Nifedipine has been used in selected patients to inhibit uterine contractions in preterm labor (tocolysis) and thus prolong gestation when such prolongation of intrauterine life was expected to benefit pregnancy outcome. Current ACOG guidelines for management of preterm labor state that there is no clear first-line tocolytic agent because of conflicting results regarding efficacy in comparative trials. In addition, concerns about the safety of short-acting (conventional) nifedipine (e.g., risks of serious hypotension and associated cardiovascular consequences) have prompted the manufacturers to warn against use of this preparation in conditions for which safety and efficacy have not been fully established.

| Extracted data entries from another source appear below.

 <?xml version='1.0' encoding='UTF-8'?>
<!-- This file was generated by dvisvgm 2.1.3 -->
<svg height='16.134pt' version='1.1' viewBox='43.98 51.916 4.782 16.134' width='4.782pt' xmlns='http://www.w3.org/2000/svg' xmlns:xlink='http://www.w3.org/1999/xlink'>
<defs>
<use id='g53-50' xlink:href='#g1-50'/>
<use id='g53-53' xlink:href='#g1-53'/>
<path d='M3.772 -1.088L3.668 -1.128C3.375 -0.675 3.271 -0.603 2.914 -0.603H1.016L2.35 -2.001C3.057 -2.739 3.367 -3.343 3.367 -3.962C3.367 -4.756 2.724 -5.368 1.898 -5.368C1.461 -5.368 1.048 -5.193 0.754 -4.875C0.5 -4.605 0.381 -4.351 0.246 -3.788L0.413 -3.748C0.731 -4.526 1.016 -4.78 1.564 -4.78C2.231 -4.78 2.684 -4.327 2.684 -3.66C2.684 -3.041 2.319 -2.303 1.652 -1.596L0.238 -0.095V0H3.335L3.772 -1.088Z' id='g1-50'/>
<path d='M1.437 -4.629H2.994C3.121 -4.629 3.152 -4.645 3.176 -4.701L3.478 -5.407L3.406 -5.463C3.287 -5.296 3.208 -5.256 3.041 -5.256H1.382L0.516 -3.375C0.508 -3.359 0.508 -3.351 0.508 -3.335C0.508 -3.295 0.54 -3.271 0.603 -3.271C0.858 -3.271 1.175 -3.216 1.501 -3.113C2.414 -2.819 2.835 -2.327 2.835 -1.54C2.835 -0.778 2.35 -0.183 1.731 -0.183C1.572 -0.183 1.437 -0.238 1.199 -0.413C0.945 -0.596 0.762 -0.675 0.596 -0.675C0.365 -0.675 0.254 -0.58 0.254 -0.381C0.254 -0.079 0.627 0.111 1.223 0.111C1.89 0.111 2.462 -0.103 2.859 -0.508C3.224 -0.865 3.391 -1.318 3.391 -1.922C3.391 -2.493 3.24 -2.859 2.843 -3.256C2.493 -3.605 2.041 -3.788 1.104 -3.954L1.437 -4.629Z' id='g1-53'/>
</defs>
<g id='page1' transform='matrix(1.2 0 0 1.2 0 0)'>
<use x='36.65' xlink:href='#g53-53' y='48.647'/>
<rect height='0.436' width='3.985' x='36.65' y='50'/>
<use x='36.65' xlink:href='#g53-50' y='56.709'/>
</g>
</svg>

(See Cautions.)However, an analysis of pooled data from a number of randomized, controlled studies suggests that calcium-channel blockers (principally nifedipine) may be more effective than, and preferable to, other agents (e.g., magnesium sulfate, β-adrenergic agonists) when tocolysis is deemed necessary. Results of this pooled analysis suggest that calcium-channel blockers are more effective in reducing births within 7 days of initiation of tocolytic treatment and before 34 weeks' gestation and are associated with improved neonatal outcomes (e.g., less neonatal respiratory distress syndrome, intraventricular hemorrhage, necrotizing enterocolitis, jaundice) and a reduced frequency of maternal adverse effects leading to treatment discontinuance compared with other tocolytic agents. A number of different dosages and dosage forms of nifedipine were used in these studies, and an optimal dosage regimen for the drug as a tocolytic has not been determined.

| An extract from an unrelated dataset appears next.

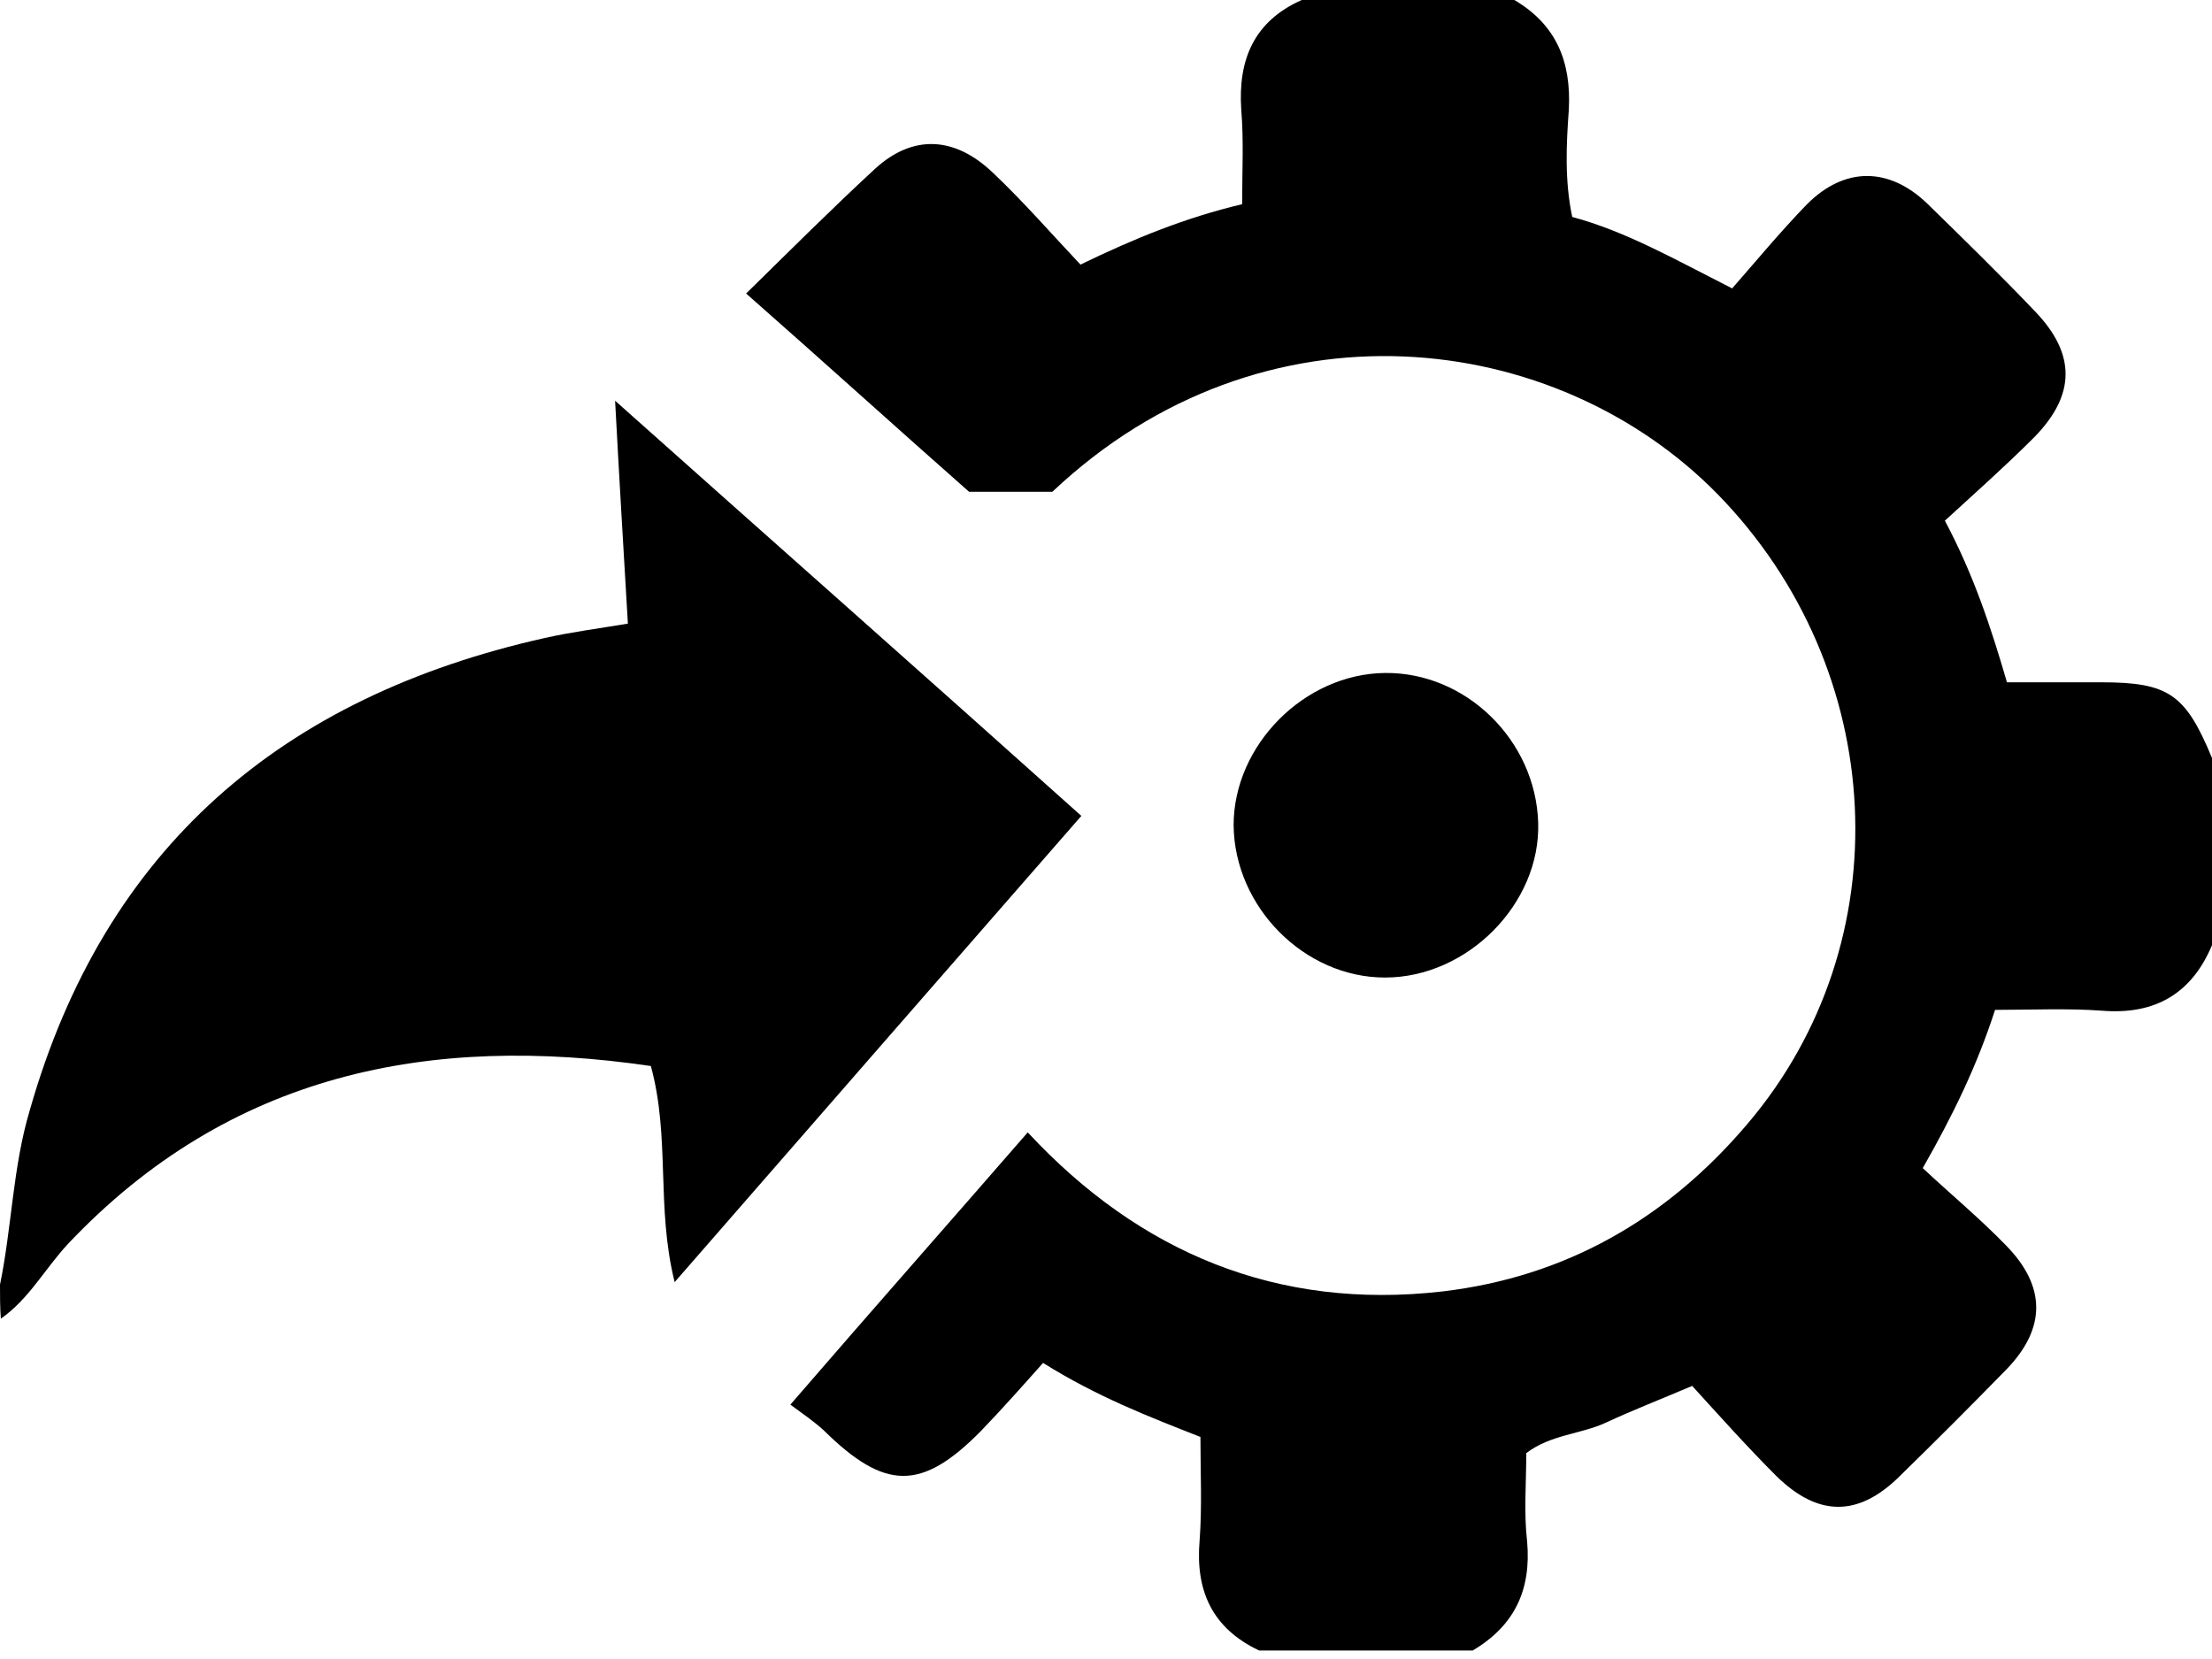 <svg xmlns="http://www.w3.org/2000/svg" width="68" height="51" viewBox="0 0 68 51" fill="none"><path d="M38.708 50.739C37.269 50.059 36.746 48.908 36.877 47.365C36.956 46.319 36.903 45.272 36.903 44.174C35.308 43.546 33.739 42.945 32.065 41.898C31.437 42.605 30.809 43.311 30.155 43.991C28.325 45.848 27.2 45.822 25.317 43.965C25.029 43.703 24.689 43.468 24.297 43.18C26.782 40.303 29.162 37.609 31.594 34.811C35.046 38.525 39.283 40.277 44.331 39.702C48.123 39.257 51.236 37.478 53.72 34.549C58.48 28.952 58.062 20.583 52.805 15.195C47.836 10.121 38.839 8.997 32.352 15.117C31.515 15.117 30.705 15.117 29.789 15.117C27.566 13.155 25.343 11.142 22.937 9.023C24.297 7.689 25.579 6.408 26.912 5.178C28.063 4.132 29.345 4.185 30.522 5.309C31.463 6.198 32.326 7.192 33.215 8.134C34.889 7.323 36.432 6.695 38.185 6.277C38.185 5.283 38.237 4.315 38.158 3.374C38.054 1.831 38.551 0.654 40.016 0C42.186 0 44.383 0 46.554 0C47.836 0.758 48.306 1.883 48.228 3.374C48.149 4.446 48.097 5.545 48.332 6.669C49.98 7.114 51.445 7.951 53.249 8.866C53.982 8.029 54.74 7.114 55.551 6.277C56.702 5.126 58.062 5.126 59.239 6.251C60.363 7.349 61.488 8.448 62.56 9.572C63.816 10.88 63.816 12.135 62.534 13.443C61.645 14.332 60.703 15.169 59.788 16.006C60.677 17.68 61.2 19.275 61.697 20.975C62.691 20.975 63.659 20.975 64.6 20.975C66.666 20.975 67.189 21.341 68 23.303C68 25.212 68 27.148 68 29.057C67.372 30.548 66.248 31.201 64.626 31.071C63.554 30.992 62.456 31.045 61.331 31.045C60.782 32.745 60.049 34.261 59.108 35.909C59.945 36.694 60.86 37.452 61.671 38.289C62.9 39.545 62.9 40.826 61.697 42.081C60.599 43.206 59.5 44.305 58.376 45.403C57.12 46.632 55.891 46.632 54.609 45.377C53.694 44.462 52.831 43.494 52.02 42.605C50.974 43.049 50.163 43.363 49.379 43.729C48.594 44.095 47.678 44.095 46.92 44.671C46.92 45.586 46.842 46.502 46.946 47.391C47.077 48.882 46.554 49.98 45.272 50.739C43.075 50.739 40.879 50.739 38.708 50.739Z" fill="black"></path><path d="M0 39.492C0.366 37.714 0.392 35.883 0.915 34.131C3.217 26.049 8.683 21.42 16.738 19.615C17.549 19.432 18.36 19.328 19.302 19.171C19.171 16.948 19.04 14.777 18.909 12.319C23.748 16.634 28.455 20.792 33.242 25.082C29.109 29.815 25.003 34.523 20.74 39.414C20.165 37.112 20.609 34.968 20.008 32.771C13.234 31.777 7.062 32.98 2.092 38.237C1.386 38.995 0.889 39.937 0.026 40.538C0 40.199 0 39.832 0 39.492Z" fill="black"></path><path d="M42.578 20.688C45.063 20.662 47.208 22.754 47.286 25.291C47.364 27.775 45.115 30.051 42.578 30.051C40.094 30.051 37.949 27.88 37.923 25.369C37.923 22.911 40.094 20.714 42.578 20.688Z" fill="black"></path></svg>

The main benefit currently derived from tocolytic therapy may be to forestall labor and provide time for patients to receive corticosteroids to increase fetal lung maturation and/or to be transferred to other (e.g., tertiary-care) facilities; any other potential benefits of prolonging pregnancy are unclear. For additional information, see Uses: Preterm Labor in
Acute Myocardial Infarction
Short-acting (conventional, immediate-release) nifedipine generally is contraindicated in the routine management of acute myocardial infarction because of its negative inotropic effects and the reflex sympathetic activation, tachycardia, and hypotension associated with its use. Calcium-channel blocking agents have not been shown to reduce mortality after acute myocardial infarction, and some data indicate that they actually may be harmful
(see Cautions), at least in certain patients with underlying cardiovascular disease. In patients with acute myocardial infarction, early (within 24 hours) or delayed initiation of short-acting nifedipine therapy does not reduce the incidence of reinfarction or mortality. This lack of benefit applies to all patients, regardless of gender, overall risk, type of infarction (Q wave versus non-Q wave), and presence or absence of concomitant β-adrenergic blocking agent or thrombolytic therapy. Short-acting nifedipine may be particularly detrimental in patients with hypotension and/or tachycardia since the drug may induce a reduction in coronary perfusion pressure, disproportionate dilatation of coronary arteries adjacent to ischemic areas (''steal'' phenomenon), and/or reflex activation of the sympathetic nervous system, resulting in an increase in myocardial oxygen demands. These findings are based on numerous clinical trials, including the Nifedipine Angina Myocardial Infarction Trial (NAMIS), the Trial of Early Nifedipine Treatment in Acute Myocardial Infarction (TRENT), the Norwegian Nifedipine Multicenter Trial, and the Secondary Prevention Reinfarction Israeli Nifedipine Trial (SPRINT).